Thanks for the reply, yea I think this is the most likely culprit. Though,
looking at the font size of Xcode right now it doesn't seem to be any smaller
than this text I'm typing on my 20" monitor. At one point a year into working
on the macbook I thought it could have been the brightness so I did change my
Xcode background to black and used a program called 'flux' to reduce my
screens brightness but it really didn't offer much relief.

------
vidyesh
It is great for media professionals to have such a great display but consumer
level isn't this bad? Isn't anyone concerned how horrible all our exiting
media will look at this resolution? By horrible I mean, windowed of course
would look excellent but beyond a certain size not so much maybe?

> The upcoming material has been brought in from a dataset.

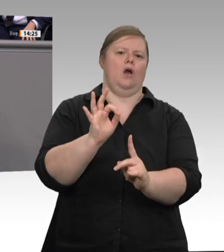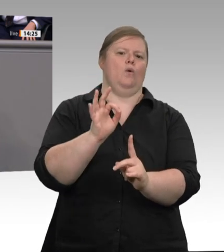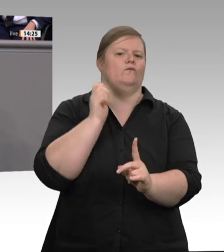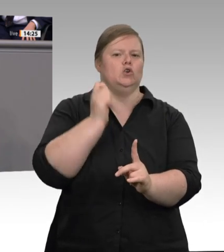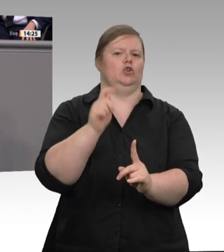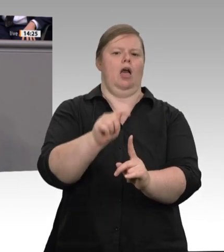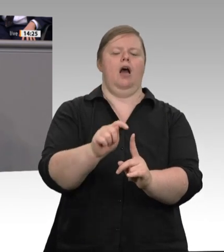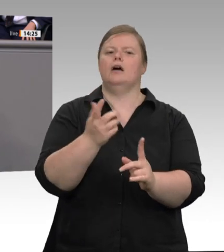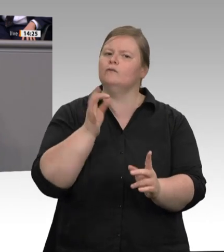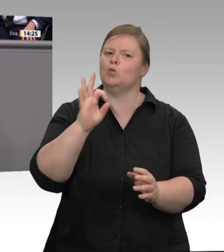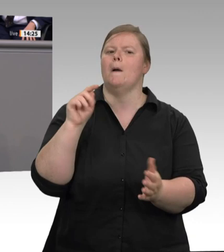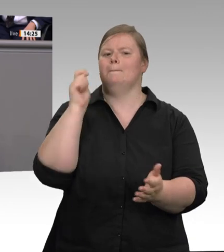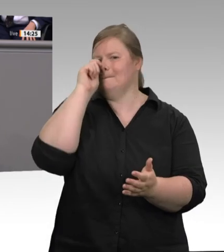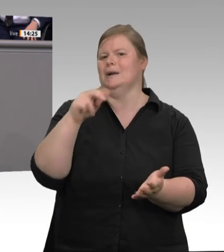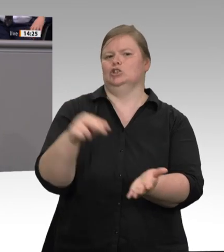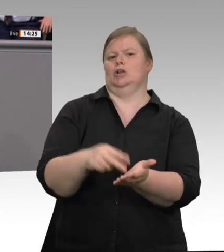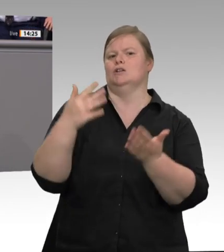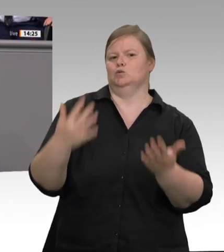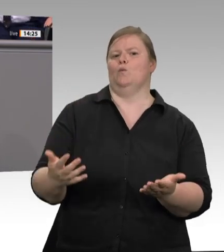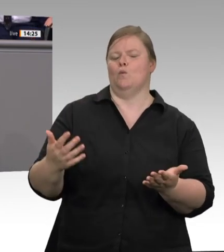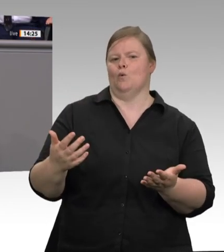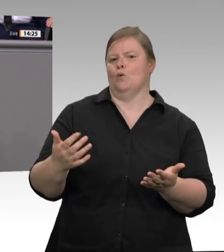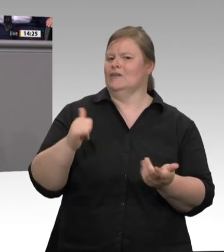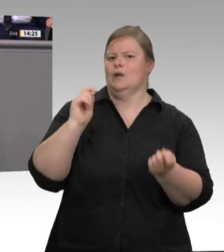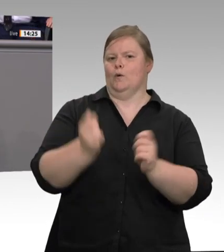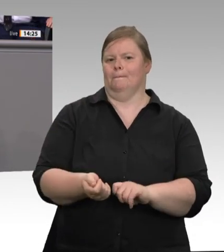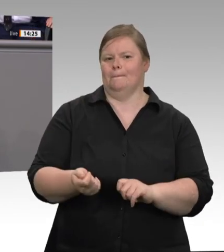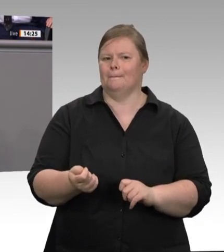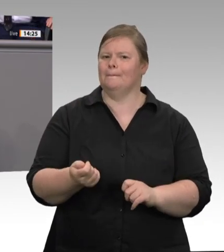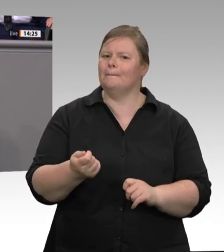auf private Sammelunterkünfte. Drittens: verpflichtende digitale Zeiterfassung. Und

Most media consumption is done on 1080p or below, not everyone is fortunate to
stream 2K or 4K content yet and we are pushing to 5K.

------
Xcelerate
Wow. I've been waiting for a screen like that for a decade now. My first Mac
purchase (retina display Macbook) was made only on the basis of the screen,
and I don't regret it at all. I hope they come out with a standalone display
soon, but I'll have to upgrade my laptop I guess to power it. I don't think
the current MBPR's can even drive a 5K screen?

------
72deluxe
Very impressive. I notice that the new Mac Mini has dropped in price to £300
here in the UK, although of a significantly lower (rubbish) spec than the
lowest model we've seen before. If this runs fine, it looks like an attempt to
make inroads into the "PC" market, as £300 + a screen is really in the economy
PC market area, no?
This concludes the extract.